**Task objective:**
In the data below, restate exactly the lines from the one with "An aerial image. It shows: Grassy" to the final line, both included, but not the pictures.

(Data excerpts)
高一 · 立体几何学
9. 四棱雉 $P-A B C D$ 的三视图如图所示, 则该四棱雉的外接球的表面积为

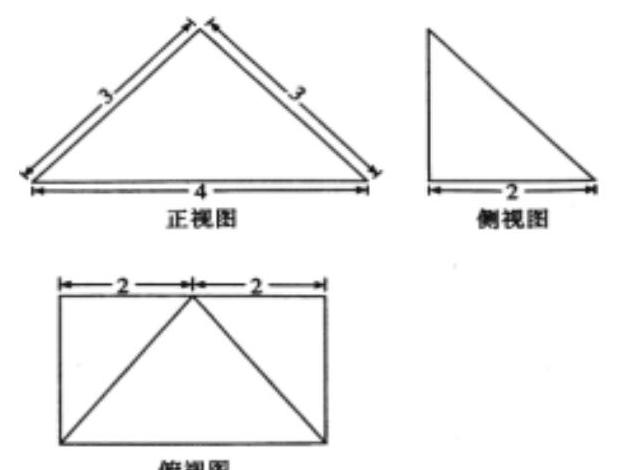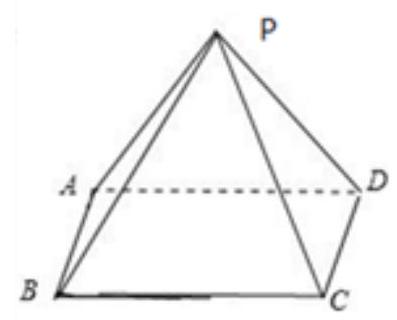
$\frac{81 \pi}{5}$
B. $\frac{81 \pi}{20}$
C. $\frac{101 \pi}{5}$
D. $\frac{101 \pi}{20}$
答案: C
解析:

由题意可知,四棱雉 P-ABCD 顶点 $\mathrm{P}$ 的射影落在 $\mathrm{AD}$ 中点, 长度为 $\sqrt{5}$, 底面边长为 4,2 , 且平面 PAD 垂直平面 $\mathrm{ABCD}$, 因此球心 $\mathrm{O}$ 应在矩形 $\mathrm{ABCD}$ 对角线交点处的正上方, 且设高为 $\mathrm{h}$, 则有 $|O P|^{2}=|O C|^{2}$,即 $1^{2}+(\sqrt{5}-h)^{2}=h^{2}+(\sqrt{5})^{2}$, 解得 $h=\frac{\sqrt{5}}{10}, \therefore R=|O C|=\frac{101}{20}$, 四棱雉的外接球的表面积为 $4 \pi R^{2}=\frac{101}{5} \pi$, 故选 C.
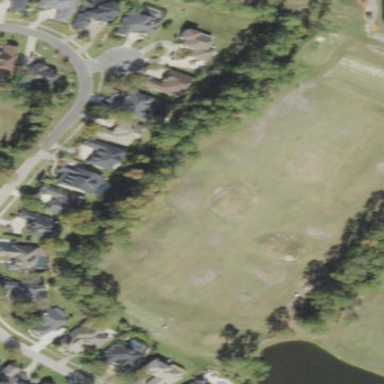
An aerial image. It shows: Grassy area designated as driving range for golf.
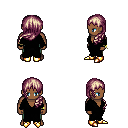
a pixel art fantasy rpg character, male body template, human, dark skin, black robe, teal pants, white blonde left-swept hairstyle, bracelets, gold boots, four views (front, back, left, right), 2x2 character sprite sheet, small pixel art, hard edges, no anti-aliasing
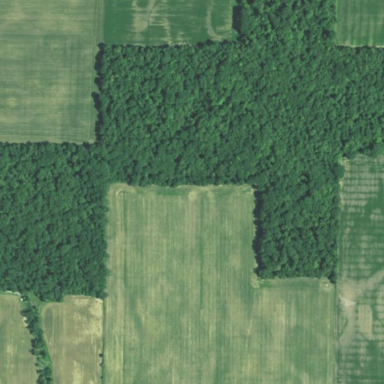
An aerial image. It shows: Deciduous broadleaved woodland.
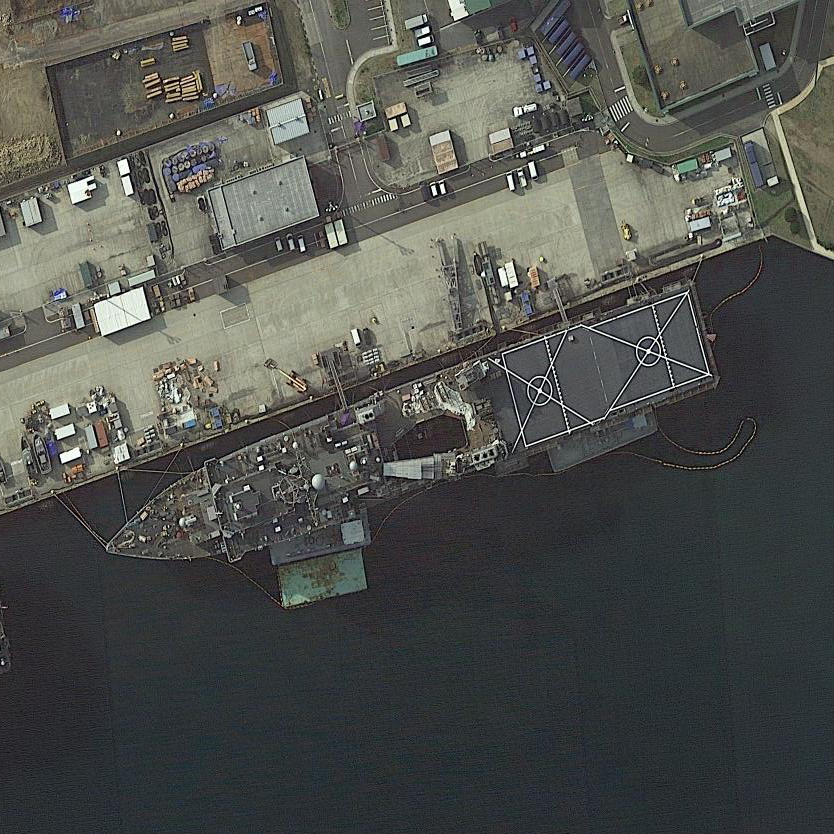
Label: combat
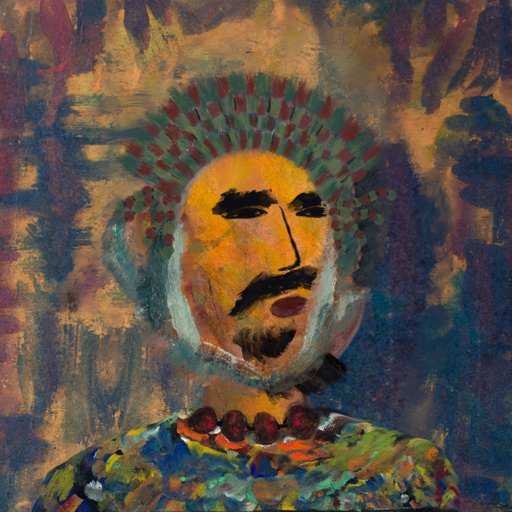
Background: InTheSun, Head And Neck Side: Gypsy_Mother, Face Side: Mosgoul, Bust: An_Impression, Hair Side: Boggyland, Head Accessory: After_Raid_Crown, Second Necklace: Blank, Necklace: Mosgoul, Baby: Blank
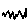
Label: zigzag
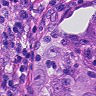
Metastatic tissue present: yes
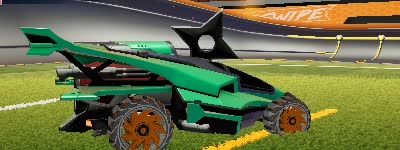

**Response:**
An aerial image. It shows: Grassy area designated as driving range for golf.
a pixel art fantasy rpg character, male body template, human, dark skin, black robe, teal pants, white blonde left-swept hairstyle, bracelets, gold boots, four views (front, back, left, right), 2x2 character sprite sheet, small pixel art, hard edges, no anti-aliasing
An aerial image. It shows: Deciduous broadleaved woodland.
Label: combat
Background: InTheSun, Head And Neck Side: Gypsy_Mother, Face Side: Mosgoul, Bust: An_Impression, Hair Side: Boggyland, Head Accessory: After_Raid_Crown, Second Necklace: Blank, Necklace: Mosgoul, Baby: Blank
Label: zigzag
Metastatic tissue present: yes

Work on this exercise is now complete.